_EXERCISE INSTRUCTIONS_:
Reproduce the whole listing that follows, character for character, and drop the images.

_DATA_:
────
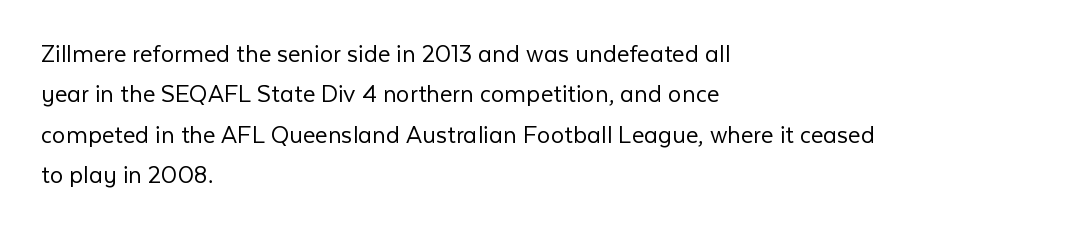
The passage shown stacks its lines at a standard gap. Students, note that the glyphs here touch the page at normal intervals. This reads as an unemphasized weight, regular at the heaviest. Typeset ragged right — the left edge is the straight one. No italicization has been applied; the sample stays upright.
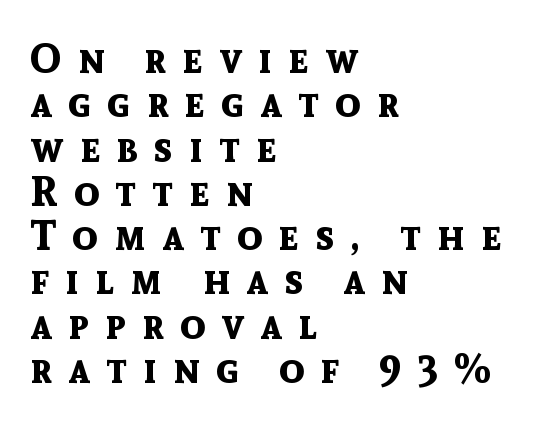
The passage shown is emphatically bold. Serifs: no, the terminals of the letterforms are clean. The text block is weighted toward the left margin, trailing off unevenly rightward. The face used here is rendered with a markedly widened letterfit.
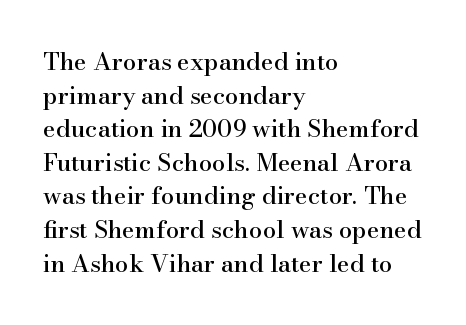
{"italic": "no", "underline": "no", "align": "left", "line_spacing": "normal", "line_spacing_ratio": 1.4, "letter_spacing": "normal", "letter_spacing_em": 0.0, "glyph_px": 24}
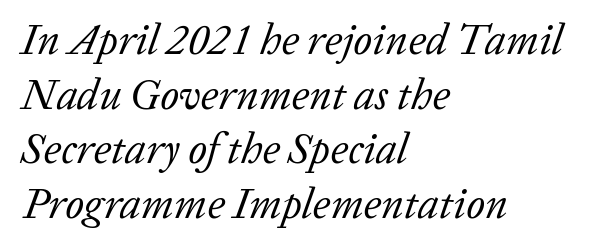
Vertically, the passage feels balanced, rows spaced as you'd expect. Look at the bottom of the vertical strokes: they flare into serifs here. Proportional: the letters do not fall into vertical columns. The gaps between neighbouring characters are ordinary and unremarkable. Has an underline been added? It has not. An italicized treatment has been applied to the whole sample.
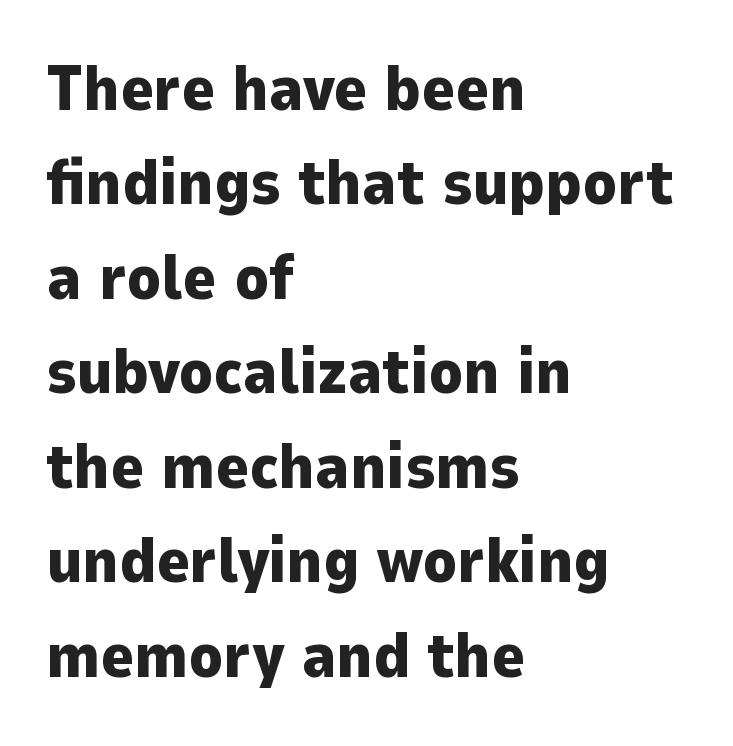
The image shows 63 px heavy sans-serif type, upright; set left-aligned, normal line spacing (1.5x), normal letter spacing, not underlined; low stroke contrast and a medium x-height.
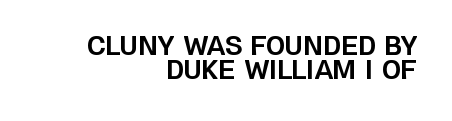
{"italic": "no", "bold": "yes", "underline": "no", "align": "right", "line_spacing": "tight", "line_spacing_ratio": 0.97, "letter_spacing": "normal", "letter_spacing_em": 0.0, "glyph_px": 25}
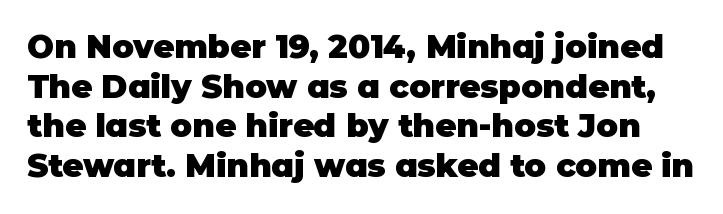
{"serif": "no", "italic": "no", "bold": "yes", "weight": "heavy", "width": "normal", "stroke_contrast": "low", "x_height": "large", "monospaced": "no", "underline": "no", "line_spacing_ratio": 1.24, "letter_spacing": "normal", "letter_spacing_em": 0.0, "glyph_px": 32}
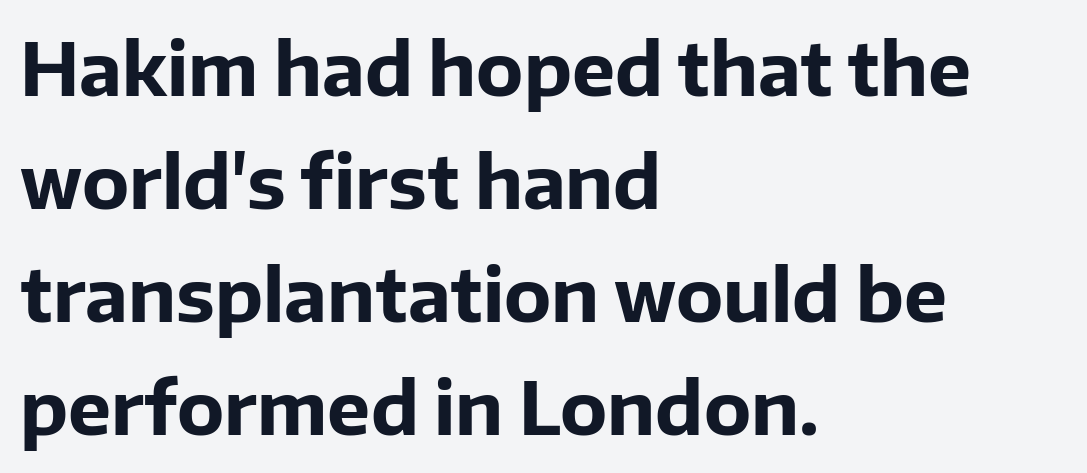
The image shows 73 px bold sans-serif type, upright; set left-aligned, normal line spacing (1.55x), normal letter spacing, not underlined; low stroke contrast and a medium x-height.
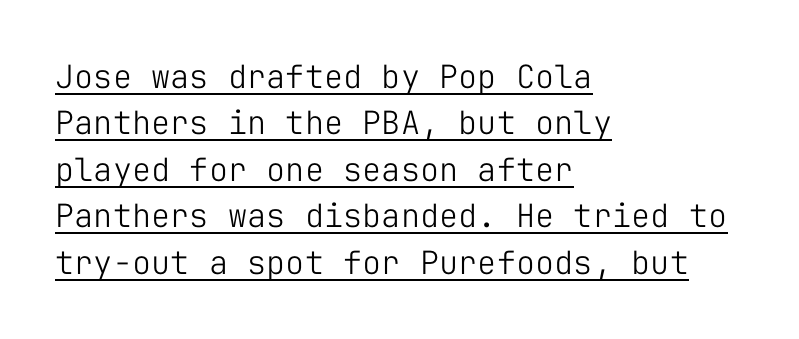
Emphasis is given by a line drawn under the lettering. No chunkiness to these letters — they're not bold. One-word summary of the alignment: left. Fixed-width glyphs throughout — classic coding-font behaviour.
────
_RESULT_:
The passage shown stacks its lines at a standard gap. Students, note that the glyphs here touch the page at normal intervals. This reads as an unemphasized weight, regular at the heaviest. Typeset ragged right — the left edge is the straight one. No italicization has been applied; the sample stays upright.
The passage shown is emphatically bold. Serifs: no, the terminals of the letterforms are clean. The text block is weighted toward the left margin, trailing off unevenly rightward. The face used here is rendered with a markedly widened letterfit.
{"italic": "no", "underline": "no", "align": "left", "line_spacing": "normal", "line_spacing_ratio": 1.4, "letter_spacing": "normal", "letter_spacing_em": 0.0, "glyph_px": 24}
Vertically, the passage feels balanced, rows spaced as you'd expect. Look at the bottom of the vertical strokes: they flare into serifs here. Proportional: the letters do not fall into vertical columns. The gaps between neighbouring characters are ordinary and unremarkable. Has an underline been added? It has not. An italicized treatment has been applied to the whole sample.
The image shows 63 px heavy sans-serif type, upright; set left-aligned, normal line spacing (1.5x), normal letter spacing, not underlined; low stroke contrast and a medium x-height.
{"italic": "no", "bold": "yes", "underline": "no", "align": "right", "line_spacing": "tight", "line_spacing_ratio": 0.97, "letter_spacing": "normal", "letter_spacing_em": 0.0, "glyph_px": 25}
{"serif": "no", "italic": "no", "bold": "yes", "weight": "heavy", "width": "normal", "stroke_contrast": "low", "x_height": "large", "monospaced": "no", "underline": "no", "line_spacing_ratio": 1.24, "letter_spacing": "normal", "letter_spacing_em": 0.0, "glyph_px": 32}
The image shows 73 px bold sans-serif type, upright; set left-aligned, normal line spacing (1.55x), normal letter spacing, not underlined; low stroke contrast and a medium x-height.
Emphasis is given by a line drawn under the lettering. No chunkiness to these letters — they're not bold. One-word summary of the alignment: left. Fixed-width glyphs throughout — classic coding-font behaviour.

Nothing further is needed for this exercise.